- Goal
- Data Gathering
- Data Cleaning
- Data Exploration
- Classification Modeling
- Potential Improvements
- Closing
The goal of this project was to create a classification model that can be used to gain a gambling edge on the Las Vegas odds. The classifcation model will predict the winner of UFC fights, given both fighters previous fight statistics and the las vegas odds. This model will then output its own odds which can be used for gambling by comparing them to the las vegas odds.
I collected fight statistics from and fighter bios from http://ufcstats.com/. I collected past gambling odds from https://www.betmma.tips/past_mma_handicapper_performance_all.php. I also collected data from https://www.espn.com/ which has not yet been used in any of my models.
Once I collected the necessary data, I wanted to make sure that stats could be compared in a fair way between two fighters. I turned most of my statistics into a per minute statistic like knock downs per minute (KDPM). Using opponents stats I created defensive statistics like take down defense. I had to create cumulative statistics for each fighter in every fight that they were going into. I created a function that could do that for every fight in my dataset.
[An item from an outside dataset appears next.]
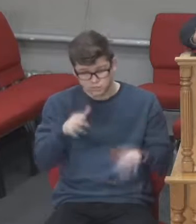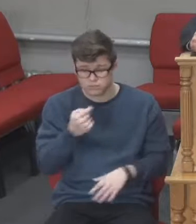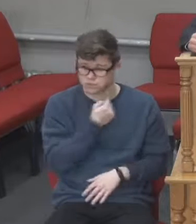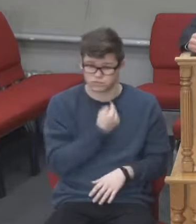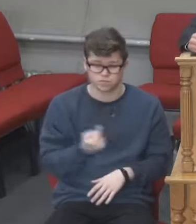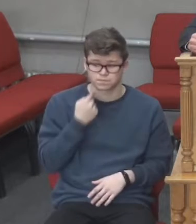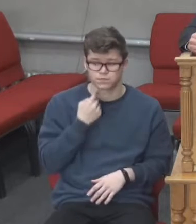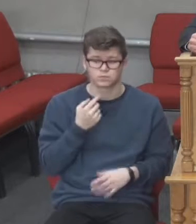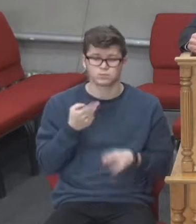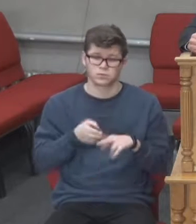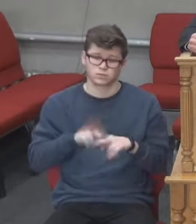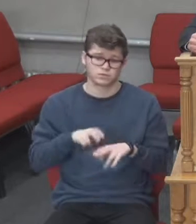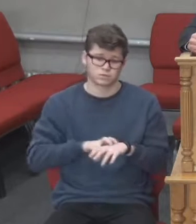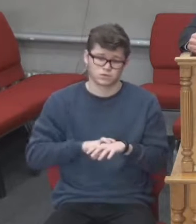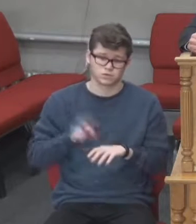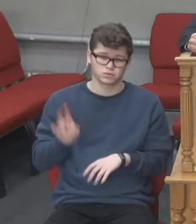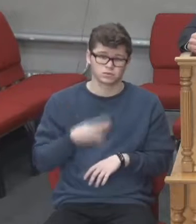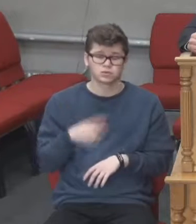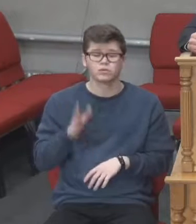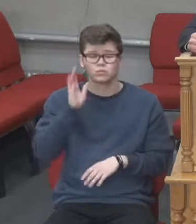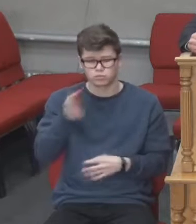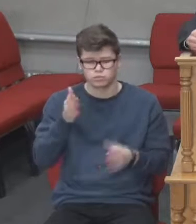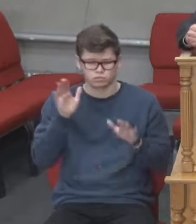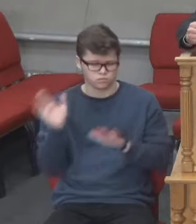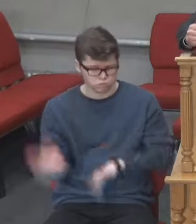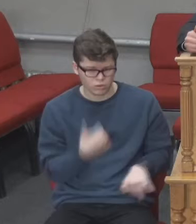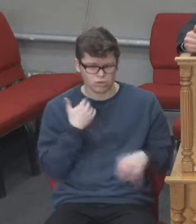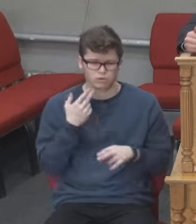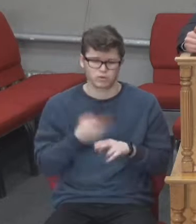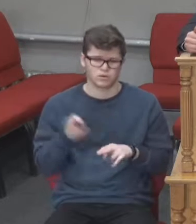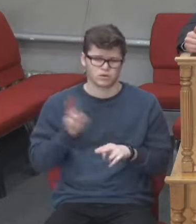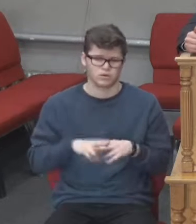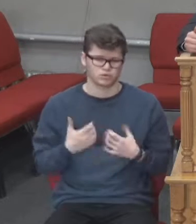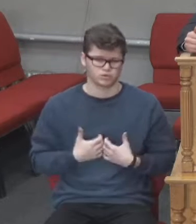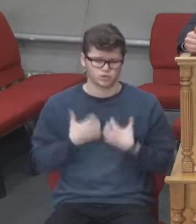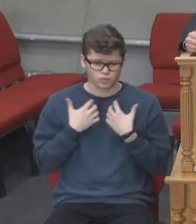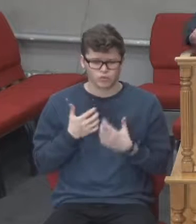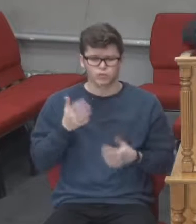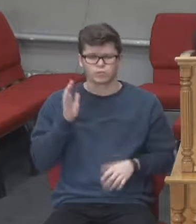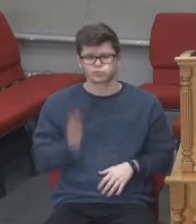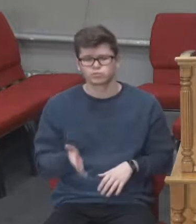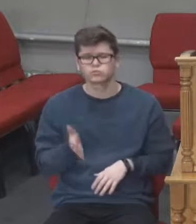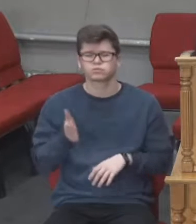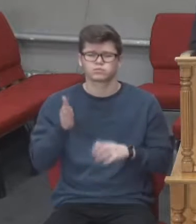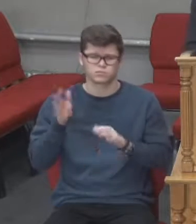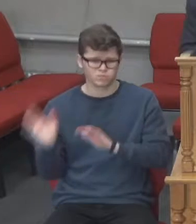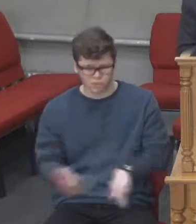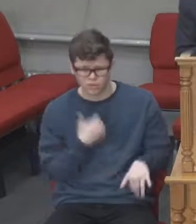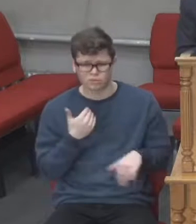не лякайтеся. Пройде пандемія. Пройдуть ці страхи. Страх, він

I performed EDA by looking at what features had the highest correlation to winning or losing. Unsurprisingly, the las vegas odds had the highest correlation.
I then ran a dummy model to find a baseline accuracy threashold that I wanted to beat. That baseline was only about 50% accurate. This is not a good comparison, however, because the vegas odds are really what need to be compared to. The las vegas odds are historically about 60% accurate.
Using grid search for a random forest classifier, I was able to classify the winner of each fight with about 65% accuracy. Although I plan on obtaining more data and running more models to improve this project, I believe that this model is pretty good given that it was almost equally accurate in predicting both red fighters and blue fighters winning. I will go into further detail on below on why I believe this is a good way to evaluate the model.
I created a function that, when inputing the url of an upcoming UFC event from https://www.betmma.tips/, ouputs which fights have greater than a 10% edge over the Las Vegas odds. I am still changing things in my model and more testing and cross validation needs to be done, but the model was profitable if used for gambling on my test set of 266 fights.
There are a few features that I still want to add to my model including ground control time and hometown/country advantage. The difficulty with ground control time it hasn't been kept track of until the end of 2018. I would also like to create a function that optimizes how much you should bet using the kelley criterion.
More work needs to be done before implementing the model but, I believe that a profitable gambling model can built using UFC fight data.